CON EL ESPÍRITU SANTO CULTIVAMOS LA ESPERANZA DE PAZ, FRATERNIDAD Y JUSTICIA: HOMILÍA DEL PAPA EN LA MISA DE LA SOLEMNIDAD DE PENTECOSTÉS (19/05/2024)

Fuerte y dulce. Poderoso y amable. Para definir al Espíritu Santo, en la homilía de la Misa de Pentecostés en la Basílica de San Pedro este 19 de mayo, el Papa Francisco recurre a imágenes que parecerían contraponerse y que, en cambio, son expresión de la misma acción que el Espíritu sopla en nosotros y alimenta la misión de la Iglesia. El “paráclito” que transforma los corazones, también nos hace audaces para difundir el mensaje del Evangelio a todos, “no con prepotencia e imposiciones – dijo el Papa –, ni con cálculos y engaños, sino con la energía que brota de la fidelidad a la verdad, que el Espíritu enseña”. Reproducimos a continuación el texto completo de su homilía, traducido del italiano:

El relato de Pentecostés (cf. Hch 2, 1-11), Nos muestra dos ámbitos de la acción del Espíritu Santo en la Iglesia: en nosotros y en la misión, con dos características: la fuerza y la gentileza.

La acción del Espíritu en nosotros es fuerte, como lo simbolizan los signos del viento y del fuego, que a menudo en la Biblia se asocian con el poder de Dios (cf. Ex 19, 16-19). Sin esta fuerza, nunca lograríamos vencer al mal, ni a los deseos de la carne de los que habla San Pablo, o a vencer esas pulsiones del alma: la impureza, la idolatría, las discordias, las envidias... (cf. Gal 5, 19-21): con el Espíritu pueden vencerse, Él nos da la fuerza para hacerlo, porque entra en nuestro corazón “árido, rígido y frío” (cf. Secuencia Veni Sancte Spiritus). Esas pulsiones arruinan nuestras relaciones con los demás y dividen a nuestras comunidades, y Él entra en el corazón y cura todo.

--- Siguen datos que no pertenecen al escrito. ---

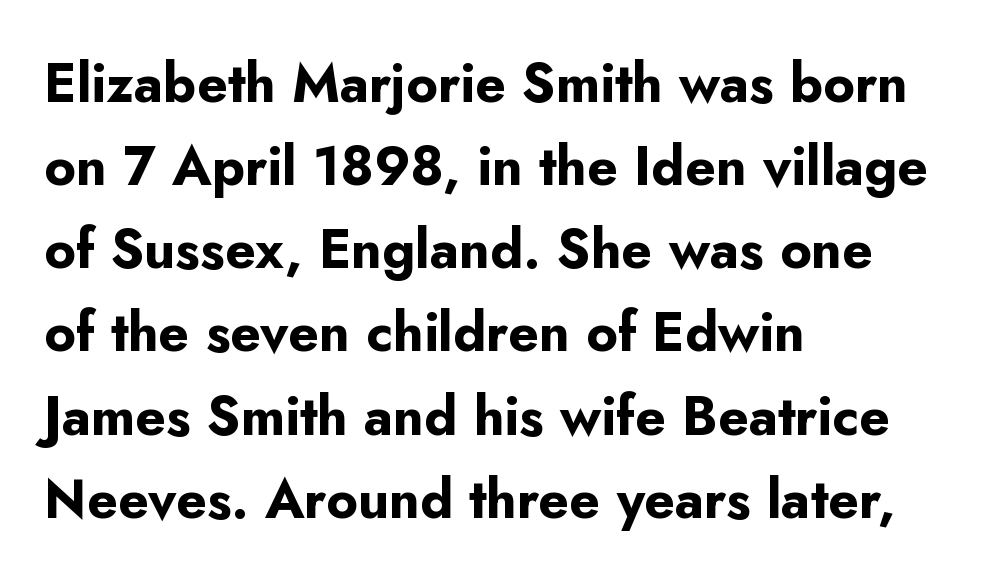
{"serif": "no", "italic": "no", "bold": "yes", "weight": "bold", "width": "normal", "stroke_contrast": "low", "x_height": "small", "monospaced": "no", "underline": "no", "align": "left", "line_spacing": "normal", "line_spacing_ratio": 1.54, "letter_spacing": "normal", "letter_spacing_em": 0.0, "glyph_px": 54}
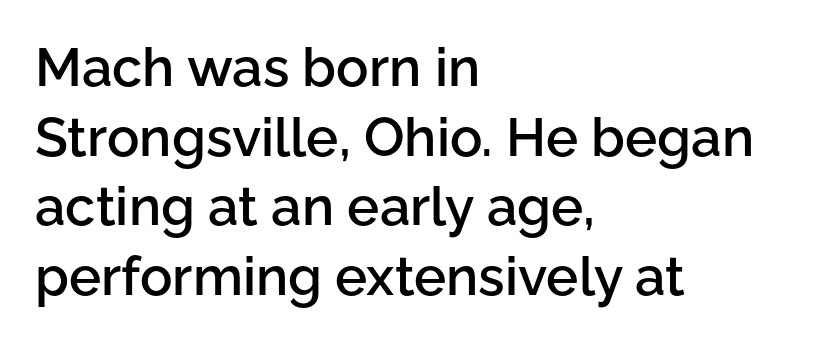
Q: Is the text bold? A: Semi-bold.
Q: Is the text italic (slanted)? A: No, it is upright.
Q: Is the typeface a serif or a sans-serif typeface? A: Sans-serif.
Q: Is the text underlined? A: No.
Q: How is the paragraph aligned? A: Left-aligned.
Q: Is the spacing between letters normal or unusually wide? A: Normal.
Q: Is the spacing between lines tight, normal or loose? A: Normal.
Q: Width (condensed, normal, or wide)? A: Normal.
Q: Stroke contrast? A: Low.
Q: x-height? A: Medium.
Q: Monospaced? A: No.

También nos lo muestra Jesús, cuando, impulsado por el Espíritu, se retira durante cuarenta días al desierto (cf. Mt 4, 1-11) para ser tentado. Y en ese tiempo también su humanidad crece, se fortalece y se prepara para la misión.

Al mismo tiempo, la acción del Paráclito en nosotros es también gentil: es fuerte y gentil. El viento y el fuego no destruyen ni incendian lo que tocan: uno llena la casa en la que se encuentran los discípulos y el otro se posa delicadamente, en forma de flamas, sobre la cabeza de cada uno. Y también está delicadeza es un rasgo de la acción de Dios que encontramos muchas veces en la Biblia.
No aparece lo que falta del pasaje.